Because you will break up. It sounds harsh, but if you've had a breakup before you understand this, and if you haven't you will at some point. And when you do, you're not going to be calling boo family anymore.

You can't cry on your S.O.'s shoulder when they're the reason you're broken. That dynamic duo thing you had going for so long is ripped out from under you, and suddenly you'll feel more like an island than ever before.

That doesn't sound like family to me. Someone who is family is someone you can count on, always. Not just when things are going well, but in spite of things going the way you want them to.

Family means nobody gets left behind or forgotten.

There's a good chance you haven't always felt like your family treated you that way. Maybe like my mom, they don't feel the same way about bae that you do. Please don't resent them for it; when the two of you break up, family—your true family—are the only ones that will be there for you.

It's also likely a self-fulfilling prophecy has been created around the whole situation. We push family away in favor of the people we think are closer than family, and then resent the rest for not being closer.
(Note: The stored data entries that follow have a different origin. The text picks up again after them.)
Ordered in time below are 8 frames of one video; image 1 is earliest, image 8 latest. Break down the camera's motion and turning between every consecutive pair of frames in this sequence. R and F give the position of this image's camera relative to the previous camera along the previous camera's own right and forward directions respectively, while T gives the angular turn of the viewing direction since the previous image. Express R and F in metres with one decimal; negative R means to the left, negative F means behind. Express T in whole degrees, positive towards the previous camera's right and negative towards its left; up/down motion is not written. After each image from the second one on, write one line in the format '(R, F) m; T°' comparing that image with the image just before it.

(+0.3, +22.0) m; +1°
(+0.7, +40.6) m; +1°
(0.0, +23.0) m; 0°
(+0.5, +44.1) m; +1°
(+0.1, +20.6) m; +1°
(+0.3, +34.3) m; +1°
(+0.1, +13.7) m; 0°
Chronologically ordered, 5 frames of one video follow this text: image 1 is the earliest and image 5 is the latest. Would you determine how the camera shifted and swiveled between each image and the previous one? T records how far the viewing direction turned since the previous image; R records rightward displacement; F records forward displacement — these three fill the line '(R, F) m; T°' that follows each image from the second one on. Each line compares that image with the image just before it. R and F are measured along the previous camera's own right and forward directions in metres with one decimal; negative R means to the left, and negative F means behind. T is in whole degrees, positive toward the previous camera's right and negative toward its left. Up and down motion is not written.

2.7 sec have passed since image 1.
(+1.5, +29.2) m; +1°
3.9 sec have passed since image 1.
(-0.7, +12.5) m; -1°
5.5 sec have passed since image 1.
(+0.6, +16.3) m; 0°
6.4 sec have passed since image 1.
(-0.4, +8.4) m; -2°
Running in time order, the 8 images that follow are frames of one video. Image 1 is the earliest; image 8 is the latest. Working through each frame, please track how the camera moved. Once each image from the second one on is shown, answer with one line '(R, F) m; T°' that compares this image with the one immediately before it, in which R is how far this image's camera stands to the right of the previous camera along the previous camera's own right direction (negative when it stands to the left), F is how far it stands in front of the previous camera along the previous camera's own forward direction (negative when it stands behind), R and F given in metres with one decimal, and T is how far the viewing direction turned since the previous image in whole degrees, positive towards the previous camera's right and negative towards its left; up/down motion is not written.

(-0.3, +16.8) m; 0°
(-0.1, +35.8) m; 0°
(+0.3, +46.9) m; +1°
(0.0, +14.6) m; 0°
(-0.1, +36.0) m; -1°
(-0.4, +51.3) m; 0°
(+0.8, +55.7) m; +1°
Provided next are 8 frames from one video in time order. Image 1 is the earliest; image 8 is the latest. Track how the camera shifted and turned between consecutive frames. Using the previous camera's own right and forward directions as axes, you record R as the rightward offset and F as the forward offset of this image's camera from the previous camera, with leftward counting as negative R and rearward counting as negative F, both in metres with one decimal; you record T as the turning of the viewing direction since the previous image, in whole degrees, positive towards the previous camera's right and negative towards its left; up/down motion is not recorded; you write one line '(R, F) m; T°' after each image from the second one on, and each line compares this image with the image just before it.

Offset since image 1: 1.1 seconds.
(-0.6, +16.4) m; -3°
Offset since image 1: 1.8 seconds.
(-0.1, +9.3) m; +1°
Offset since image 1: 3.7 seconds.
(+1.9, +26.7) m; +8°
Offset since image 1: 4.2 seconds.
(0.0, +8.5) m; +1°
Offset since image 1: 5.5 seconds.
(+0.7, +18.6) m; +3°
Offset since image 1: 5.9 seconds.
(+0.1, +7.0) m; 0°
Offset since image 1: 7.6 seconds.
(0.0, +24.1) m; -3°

Sometimes it takes something as upsetting as a breakup to realize who was really there all along, waiting for you to come to your better judgment.

Although it may seem difficult, if not impossible now, always put family first. They've been there for you a lot longer than your S.O. has, and you can count on them always being by your side. When you find someone who respects you for that decision, they might just be the one to seal the deal with.